OUTER JOIN With Criteria – Solution
The last option remaining is to put the exclusion criteria in the JOIN. This query matches the criteria – all of the customer records are returned and only orders with total due less than $1,000. This returns 847 results again – exactly what is expected.

SELECT *
FROM SalesLT.Customer C
    LEFT OUTER JOIN SalesLT.SalesOrderHeader SOH
        ON C.CustomerID = SOH.CustomerID
        AND TotalDue < 1000

EXAMPLE.JOIN.OUTER.With.Criteria.Example 5

OUTER JOIN Equivalent to an INNER JOIN

The last example shows what happens when the query has criteria in WHERE clause checking for a column in the JOIN table – IS NOT NULL. If the check is on the JOIN key field (SOH.CustomerID) it will be equivalent to an INNER JOIN. If you check another field (TotalDue) it is equivalent to an INNER JOIN with the addition of a WHERE clause specifying that the field also cannot be NULL. In this example TotalDue is always populated so it is the same as an INNER JOIN. If TotalDue could be NULL and was null – it would be missing additional records.
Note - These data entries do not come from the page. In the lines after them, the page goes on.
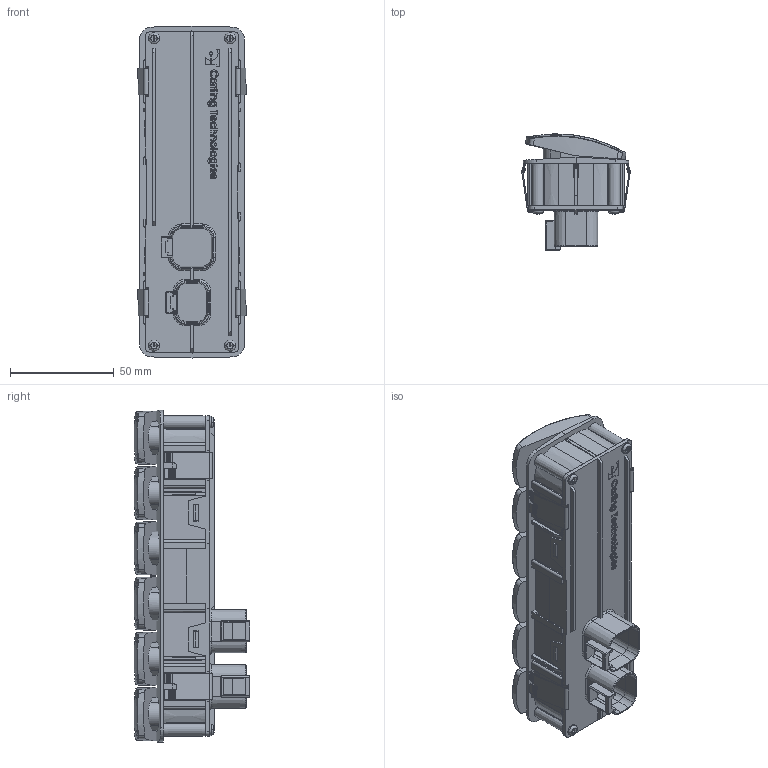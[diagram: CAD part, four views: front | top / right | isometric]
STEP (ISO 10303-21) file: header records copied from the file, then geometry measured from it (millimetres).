
FILE_DESCRIPTION((''),'2;1');
FILE_NAME('VM6_SHRINKWRAP','2018-04-24T14:45:11',('adamlydecker'),(''),'CREO PARAMETRIC BY PTC INC, 2017260','CREO PARAMETRIC BY PTC INC, 2017260','');
FILE_SCHEMA(('CONFIG_CONTROL_DESIGN'));
Length unit declared in the file: inch
Products named in the file (1): VM6_SHRINKWRAP
Bounding box: 52.36 x 55.98 x 160.27 mm (x, y, z)
Volume: 227402.8 mm3; surface area: 57516.6 mm2
Topology: 1 solids, 1 shells, 1936 faces, 5432 edges, 3523 vertices
Faces by surface type: plane 1065, cylinder 409, extrusion 199, bspline 131, cone 96, torus 36
Entity records: 72213 total; most frequent: CARTESIAN_POINT 24775, ORIENTED_EDGE 10864, DIRECTION 8136, EDGE_CURVE 5432, VECTOR 3806, LINE 3607, VERTEX_POINT 3523, AXIS2_PLACEMENT_3D 2165

The example below returns 32 results.

SELECT *
FROM SalesLT.Customer C
    LEFT OUTER JOIN SalesLT.SalesOrderHeader SOH
        ON C.CustomerID = SOH.CustomerID
WHERE TotalDue IS NOT NULL

EXAMPLE.JOIN.OUTER.With.Criteria.Example 6

You can see that the query is processed as an INNER JOIN by the query processor too – so not only is it logically equivalent it is identical to the query engine. Look at the join graphic in the middle in both examples. It is a Merge Join (Inner Join) in both.
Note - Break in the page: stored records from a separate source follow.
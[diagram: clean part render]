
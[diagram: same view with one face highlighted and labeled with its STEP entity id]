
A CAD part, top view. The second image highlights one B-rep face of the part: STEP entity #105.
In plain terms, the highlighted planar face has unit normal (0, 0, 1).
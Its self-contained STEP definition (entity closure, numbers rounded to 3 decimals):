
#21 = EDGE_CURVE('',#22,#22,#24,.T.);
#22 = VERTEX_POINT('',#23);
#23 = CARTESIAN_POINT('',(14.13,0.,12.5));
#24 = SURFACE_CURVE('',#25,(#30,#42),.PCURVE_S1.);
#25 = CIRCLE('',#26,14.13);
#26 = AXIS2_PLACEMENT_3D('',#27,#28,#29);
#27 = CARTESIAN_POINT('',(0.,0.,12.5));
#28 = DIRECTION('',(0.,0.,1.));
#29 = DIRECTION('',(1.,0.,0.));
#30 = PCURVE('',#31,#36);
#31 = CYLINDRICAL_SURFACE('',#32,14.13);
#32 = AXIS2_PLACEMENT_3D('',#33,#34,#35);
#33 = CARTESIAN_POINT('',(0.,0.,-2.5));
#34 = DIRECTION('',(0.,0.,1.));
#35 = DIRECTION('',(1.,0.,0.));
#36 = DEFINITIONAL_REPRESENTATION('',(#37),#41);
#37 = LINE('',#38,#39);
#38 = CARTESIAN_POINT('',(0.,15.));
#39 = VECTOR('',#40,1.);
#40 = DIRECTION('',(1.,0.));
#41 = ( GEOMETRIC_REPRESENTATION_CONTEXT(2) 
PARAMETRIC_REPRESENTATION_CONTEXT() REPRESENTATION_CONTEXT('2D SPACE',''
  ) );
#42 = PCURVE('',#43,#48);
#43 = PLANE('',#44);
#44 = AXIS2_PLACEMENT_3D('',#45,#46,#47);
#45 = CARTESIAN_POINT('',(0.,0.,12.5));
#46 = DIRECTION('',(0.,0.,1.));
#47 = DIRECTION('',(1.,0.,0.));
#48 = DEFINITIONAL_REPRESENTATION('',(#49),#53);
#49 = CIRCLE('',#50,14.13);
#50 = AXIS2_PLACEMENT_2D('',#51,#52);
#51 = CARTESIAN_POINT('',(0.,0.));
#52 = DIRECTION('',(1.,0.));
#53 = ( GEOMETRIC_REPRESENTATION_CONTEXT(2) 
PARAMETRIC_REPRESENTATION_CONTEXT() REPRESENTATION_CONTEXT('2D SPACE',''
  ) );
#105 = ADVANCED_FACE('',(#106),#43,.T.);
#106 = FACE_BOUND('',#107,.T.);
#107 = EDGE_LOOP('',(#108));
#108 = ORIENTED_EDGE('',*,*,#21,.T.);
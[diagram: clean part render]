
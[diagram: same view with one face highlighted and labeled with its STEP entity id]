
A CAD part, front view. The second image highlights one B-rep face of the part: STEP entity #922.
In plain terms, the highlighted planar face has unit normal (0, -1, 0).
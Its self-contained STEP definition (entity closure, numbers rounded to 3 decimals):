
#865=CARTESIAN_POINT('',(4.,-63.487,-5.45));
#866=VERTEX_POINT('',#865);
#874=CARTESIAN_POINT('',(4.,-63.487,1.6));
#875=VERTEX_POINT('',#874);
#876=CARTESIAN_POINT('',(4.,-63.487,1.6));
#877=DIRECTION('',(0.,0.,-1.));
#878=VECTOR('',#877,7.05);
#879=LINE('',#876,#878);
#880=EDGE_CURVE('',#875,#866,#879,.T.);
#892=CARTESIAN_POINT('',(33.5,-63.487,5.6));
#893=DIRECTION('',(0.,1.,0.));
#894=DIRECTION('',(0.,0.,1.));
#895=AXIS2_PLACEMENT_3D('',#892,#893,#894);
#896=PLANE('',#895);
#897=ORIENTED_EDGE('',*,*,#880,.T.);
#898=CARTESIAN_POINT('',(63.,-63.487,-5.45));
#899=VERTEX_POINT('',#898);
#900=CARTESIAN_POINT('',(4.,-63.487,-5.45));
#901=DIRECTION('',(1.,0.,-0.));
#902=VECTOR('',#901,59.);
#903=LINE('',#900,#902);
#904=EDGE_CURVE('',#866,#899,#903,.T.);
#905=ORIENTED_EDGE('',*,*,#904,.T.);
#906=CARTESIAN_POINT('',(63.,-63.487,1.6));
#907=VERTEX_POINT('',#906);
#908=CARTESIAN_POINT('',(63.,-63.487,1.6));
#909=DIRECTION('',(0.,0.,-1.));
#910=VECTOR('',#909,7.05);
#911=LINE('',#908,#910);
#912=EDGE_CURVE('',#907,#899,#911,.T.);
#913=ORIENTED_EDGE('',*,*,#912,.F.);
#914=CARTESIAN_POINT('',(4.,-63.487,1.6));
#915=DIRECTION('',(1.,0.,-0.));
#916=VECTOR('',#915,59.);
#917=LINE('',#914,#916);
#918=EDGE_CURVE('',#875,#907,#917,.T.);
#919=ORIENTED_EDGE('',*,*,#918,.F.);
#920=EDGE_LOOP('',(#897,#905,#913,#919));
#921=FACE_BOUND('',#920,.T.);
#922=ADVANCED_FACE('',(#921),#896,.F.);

INNER JOIN Query Plan (partial)
EXAMPLE.JOIN.OUTER.With.Criteria.Example 7 - INNER JOIN Query Plan

OUTER JOIN Query Plan (partial)
EXAMPLE.JOIN.OUTER.With.Criteria.Example 8 - LEFT JOIN Query Plan

Explanation

So why does an OUTER JOIN behave like an INNER JOIN sometimes and not others? When you put your limiting criteria inside of the OUTER JOIN syntax it is part of the JOIN. So if any records are limited it only impacts that JOIN and the table being JOINed. You only want orders placed in Iowa but you want to see all customers? No problem – put the criteria in the JOIN (AND State = ‘IA’). You only want to see orders placed in Iowa and the customers for those orders? No problem again – just put the criteria in the WHERE ( WHERE State = ‘IA).

If you remember that the criteria in the WHERE clause impacts ALL records it’s easy to know where to put the limiting clause.